It aims to comprehensively analyse the history, current status and potential future implications of the African Union's efforts to achieve financial sovereignty. In this context, the impact of the policies and practices developed by the AU on the economic independence of the African continent will be analysed in detail.

 

Reforms on Budget and Financial Stability

In 2016, African leaders recognised the urgency of a comprehensive reform of the African Union (AU). Rwandan President Paul Kagame's initiative aimed at realigning the AU's institutions in order to improve service delivery, increase operational efficiency, ensure sustainable financing and strengthen the organisation's connectivity with African citizens.


Since its implementation in 2018, some important steps have been taken. A new management team was created, new directors were appointed, the number of departments of the AU Commission was reduced, gender and regional representation at management level was strengthened, a merit-based recruitment system was introduced, and all departments underwent an audit and competency assessment.


Significant progress was made in establishing the AU Peace Fund, the main financing instrument for peace and security activities, launched in November 2018. Management structures are largely functional, but the independent evaluation group expected to be established this year has not yet been set up.

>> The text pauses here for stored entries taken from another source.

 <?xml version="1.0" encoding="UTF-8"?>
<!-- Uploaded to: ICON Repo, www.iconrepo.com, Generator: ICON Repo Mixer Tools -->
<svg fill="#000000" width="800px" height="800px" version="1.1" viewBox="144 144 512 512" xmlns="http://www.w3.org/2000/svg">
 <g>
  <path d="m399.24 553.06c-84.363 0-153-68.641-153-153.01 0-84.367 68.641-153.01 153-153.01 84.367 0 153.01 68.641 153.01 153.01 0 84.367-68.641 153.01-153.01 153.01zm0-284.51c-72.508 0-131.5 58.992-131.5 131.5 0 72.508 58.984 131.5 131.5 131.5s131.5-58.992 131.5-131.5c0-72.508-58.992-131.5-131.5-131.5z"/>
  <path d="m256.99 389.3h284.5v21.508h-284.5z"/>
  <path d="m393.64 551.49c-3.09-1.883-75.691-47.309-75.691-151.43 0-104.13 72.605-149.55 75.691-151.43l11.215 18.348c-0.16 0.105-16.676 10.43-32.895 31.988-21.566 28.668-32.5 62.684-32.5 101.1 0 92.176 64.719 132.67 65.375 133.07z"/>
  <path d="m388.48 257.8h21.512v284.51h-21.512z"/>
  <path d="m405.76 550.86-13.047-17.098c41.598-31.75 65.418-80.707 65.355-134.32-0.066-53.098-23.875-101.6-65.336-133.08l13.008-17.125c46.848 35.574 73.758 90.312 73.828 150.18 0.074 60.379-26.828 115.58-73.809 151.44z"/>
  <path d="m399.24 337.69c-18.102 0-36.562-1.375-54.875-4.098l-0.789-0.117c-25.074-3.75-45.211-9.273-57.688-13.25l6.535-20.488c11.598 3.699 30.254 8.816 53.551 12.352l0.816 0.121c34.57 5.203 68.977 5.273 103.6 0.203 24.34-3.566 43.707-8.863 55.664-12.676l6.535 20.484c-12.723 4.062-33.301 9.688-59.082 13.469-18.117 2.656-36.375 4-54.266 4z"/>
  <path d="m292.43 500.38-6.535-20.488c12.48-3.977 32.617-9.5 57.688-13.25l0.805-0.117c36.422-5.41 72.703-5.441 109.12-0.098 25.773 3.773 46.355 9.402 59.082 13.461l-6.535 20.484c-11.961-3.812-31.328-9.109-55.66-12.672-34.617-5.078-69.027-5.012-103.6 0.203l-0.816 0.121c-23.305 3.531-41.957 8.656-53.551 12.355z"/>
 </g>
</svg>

Supervision and competence assessment have not been sufficient to improve recruitment, diversity and representation of all Member States within the AU Commission. The moratorium on recruitment in 2018 led to an over-reliance on temporary employees and consultants, resulting in high staff turnover and performance problems. While most Commission staff passed the competence assessment, some countries raised concerns that the results were manipulated to ensure the exclusion of their nationals.


These suspicions complicated the working relations between the Commission and the Committee of Permanent Representatives responsible for day-to-day affairs on behalf of the AU Assembly and the Executive Council. The Commission has been accused of corruption and making illegal appointments to high-level posts at the expense of highly competent persons.


The adoption of the Commission's new structure in 2020 was challenging. In particular, the reduction in the number of departments from eight to six led to conflicts over the division of tasks.


While the merger of the two departments into the Political Affairs, Peace and Security department allowed for strengthening synergies, the lack of coordination, especially in the supervision of elections, and rivalry between the directors created problems. Furthermore, the placement of the AU's continent-wide early warning system in the "conflict management" category has hampered its ability to anticipate and prevent conflicts.



The Kagame-Faki Reforms: Key to the African Union's Political and Financial Sovereignty

In 2016, African leaders decided to undertake fundamental reforms, recognising that the African Union was struggling to realise its main objectives and in particular to implement Agenda 2063, the 50-year vision for Africa. African leaders appointed Rwandan President Paul Kagame to lead this process. Kagame established a Pan-African advisory team of 9 members to assist him in this process (Dougueli, 2021). It is no coincidence that Kagame was elected as the rotational chair of the African Union in January 2018.


This development points to the idea that the continental organisation is open to change. Kagame's economic, social and political development of his country in recent years is on the agenda of the whole continent. As a matter of fact, everyone expected such a leader to lead the Union. Kagame, who is known as a "reformer", had a great deal of freedom in fulfilling his duty due to the trust he had built up in the eyes of Africans. In addition, Kagame's tenure coincided with that of the President of the AU Commission, Moussa Faki, another key figure in the African Union and a co-architect of the ACSTA. These two figures led the continental organisation to its most important milestone since its transformation in 2002 (from OAU to AU).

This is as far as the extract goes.